Arlington Heights police received a report about 6:01 AM Thursday of criminal damage to vehicle in a residential driveway in the block of 300 East Lincoln Road Arlington Heights, IL. Police received a report that an unknown offender or offenders criminally damaged a vehicle parked in a residential driveway near Carefree Park in southern Arlington Heights.
Unknown offender(s) threw a landscape brick through the front driver side door window causing approximately $500 in damages. Nothing was missing or disturbed inside the vehicle.
The crime is reported to have occurred between Wednesday September 25, 2013 at 10:00 p.m.and Thursday September 26, 2013 at 6:00 a.m.
The crime was reported by the Arlington Heights police on October 1, 2013 at 11:18 a.m.
Cardinal Note: As of June 5, 2013 — up to and including the date of this article — police incidents related to the above police agency are not reported in real time or within a prompt time period. Police protecting their realm of investigation and police activity, have chosen to use encrypted radios to withhold their police communications, which were previously open to the public and news media via monitoring of public safety scanning radios — with no known negative results locally.

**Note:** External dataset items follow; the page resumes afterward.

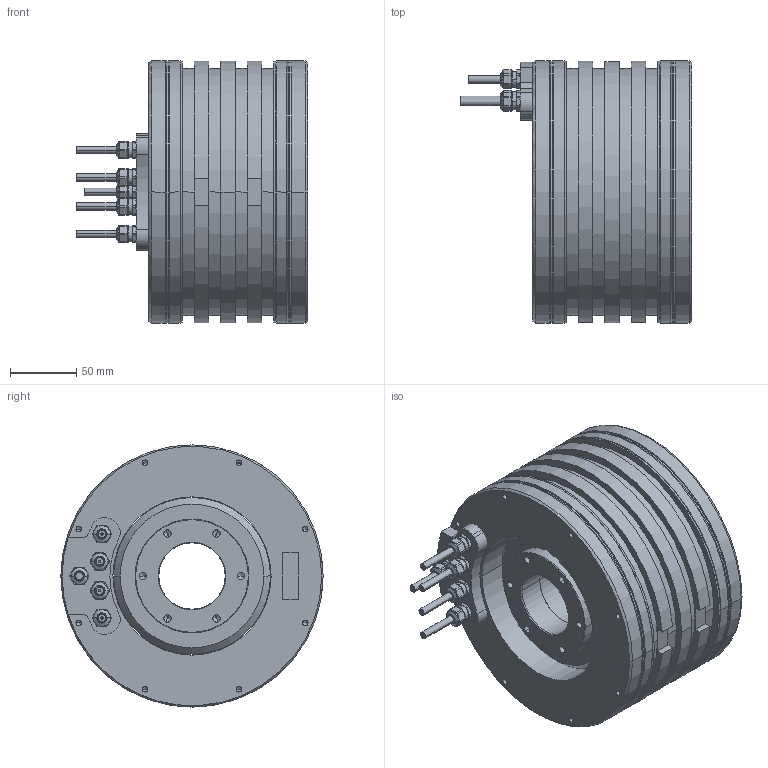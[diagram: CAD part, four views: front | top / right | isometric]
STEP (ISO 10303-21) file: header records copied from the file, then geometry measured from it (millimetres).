
FILE_DESCRIPTION((''),'2;1');
FILE_NAME('MOTEUR_TMK0175-070-3UBS_ASM','2013-03-06T',('ch52174'),(''),'PRO/ENGINEER BY PARAMETRIC TECHNOLOGY CORPORATION, 2011410','PRO/ENGINEER BY PARAMETRIC TECHNOLOGY CORPORATION, 2011410','');
FILE_SCHEMA(('CONFIG_CONTROL_DESIGN','SHAPE_APPEARANCE_LAYERS_GROUPS'));
Length unit declared in the file: millimetre
Products named in the file (3): STATOR_TMK0175-070-3UBS_1_1_1_1; ROTOR_TMK0175-070_1; MOTEUR_TMK0175-070-3UBS_ASM
Assembly tree (2 placements, depth 2):
  MOTEUR_TMK0175-070-3UBS_ASM
    STATOR_TMK0175-070-3UBS_1_1_1_1
    ROTOR_TMK0175-070_1
Bounding box: 174.8 x 198 x 198 mm (x, y, z)
Volume: 3087818.1 mm3; surface area: 282767.7 mm2
Topology: 2 solids, 23 shells, 790 faces, 2292 edges, 1590 vertices
Faces by surface type: cylinder 339, plane 193, cone 188, torus 70
Entity records: 27671 total; most frequent: DIRECTION 5250, CARTESIAN_POINT 4879, ORIENTED_EDGE 4496, AXIS2_PLACEMENT_3D 2267, EDGE_CURVE 2248, VERTEX_POINT 1590, CIRCLE 1472, EDGE_LOOP 920
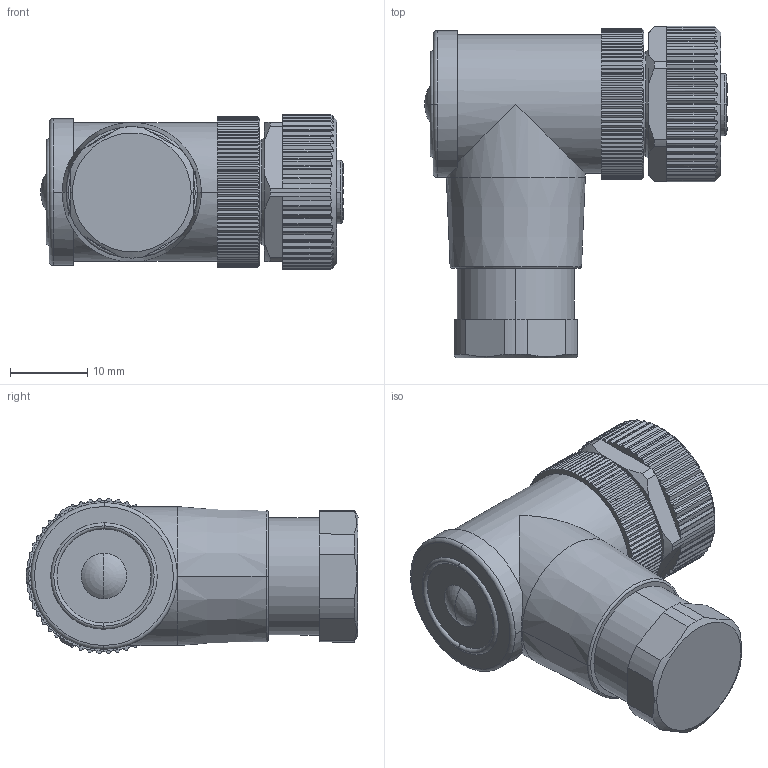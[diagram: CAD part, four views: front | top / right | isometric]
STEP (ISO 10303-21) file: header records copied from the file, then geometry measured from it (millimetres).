
FILE_DESCRIPTION(('SolidDesigner STEP Export'),'2;1');
FILE_NAME('1404423.stp','2012-09-27T12:12:38',(''),(''),'CoCreate Modeling STEP processor for AP214 (Solid Model)','CoCreate Modeling 16.00E 25-Sep-2009 (C) Parametric Technology GmbH','');
FILE_SCHEMA(('AUTOMOTIVE_DESIGN { 1 0 10303 214 1 1 1 1 }'));
Length unit declared in the file: millimetre
Products named in the file (2): 1404423
Assembly tree (1 placements, depth 2):
  1404423
    1404423
Bounding box: 39.2 x 43.01 x 20.17 mm (x, y, z)
Volume: 15250.5 mm3; surface area: 5431.1 mm2
Topology: 1 solids, 1 shells, 1295 faces, 3745 edges, 2488 vertices
Faces by surface type: plane 975, cylinder 260, cone 42, torus 14, sphere 4
Entity records: 56646 total; most frequent: CARTESIAN_POINT 13090, ORIENTED_EDGE 7478, DIRECTION 6087, EDGE_CURVE 3739, VECTOR 2755, LINE 2755, VERTEX_POINT 2488, AXIS2_PLACEMENT_3D 1666
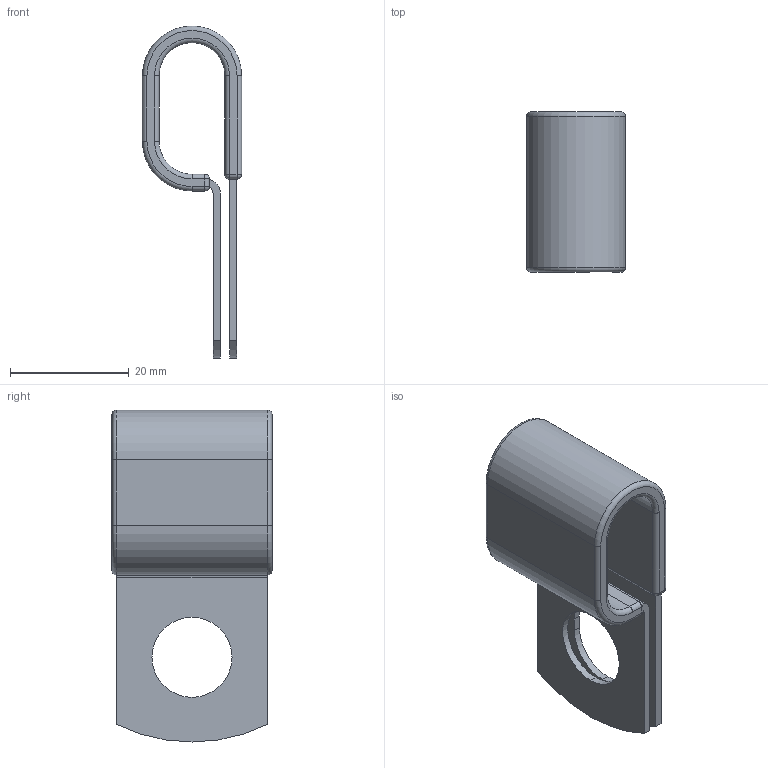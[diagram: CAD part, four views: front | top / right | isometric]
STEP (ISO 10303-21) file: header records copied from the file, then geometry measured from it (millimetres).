
FILE_DESCRIPTION (( 'STEP AP214' ), '1' );
FILE_NAME ('CDV0717Z1.step', '2018-11-01T13:25:45', ( 'User' ), ( 'Microsoft' ), 'SwSTEP 2.0', 'SolidWorks 2018', '' );
FILE_SCHEMA (( 'AUTOMOTIVE_DESIGN' ));
Length unit declared in the file: inch
Products named in the file (1): CDV0717Z1
Bounding box: 16.71 x 26.99 x 55.96 mm (x, y, z)
Volume: 6234.1 mm3; surface area: 6444.7 mm2
Topology: 1 solids, 1 shells, 72 faces, 173 edges, 96 vertices
Faces by surface type: cylinder 33, plane 23, torus 8, sphere 8
Entity records: 2748 total; most frequent: DIRECTION 389, CARTESIAN_POINT 334, ORIENTED_EDGE 330, EDGE_CURVE 165, AXIS2_PLACEMENT_3D 151, VERTEX_POINT 96, VECTOR 87, LINE 87

The delayed knowledge or entirely blacked out knowledge resulting from encrypted police communications may protect certain police operations and investigations, but it also puts the public at risk in situations such as when armed and dangerous offenders are at large and when other similar situations occur. In other cases, the delayed or blacked out information inhibits or prohibits the possibility of the public providing early witness accounts before a criminal trail goes cold. Citizens are much more likely to recognize or recall suspicious or criminal activity if they are aware of the criminal incident within minutes or hours of its occurrence. The most serious incident involving dire results would be a trail that is allowed to go cold in the case of child abduction.
The lack of real time information from public police dispatch also weakens an effective neighborhood watch program mostly working to prevent property loss, but also working to prevent possible violent crimes.
Police have alternate ways to transmit tactical, operational or investigative information, while still keeping their main public dispatch channels open for the best balance of public safety and police safety.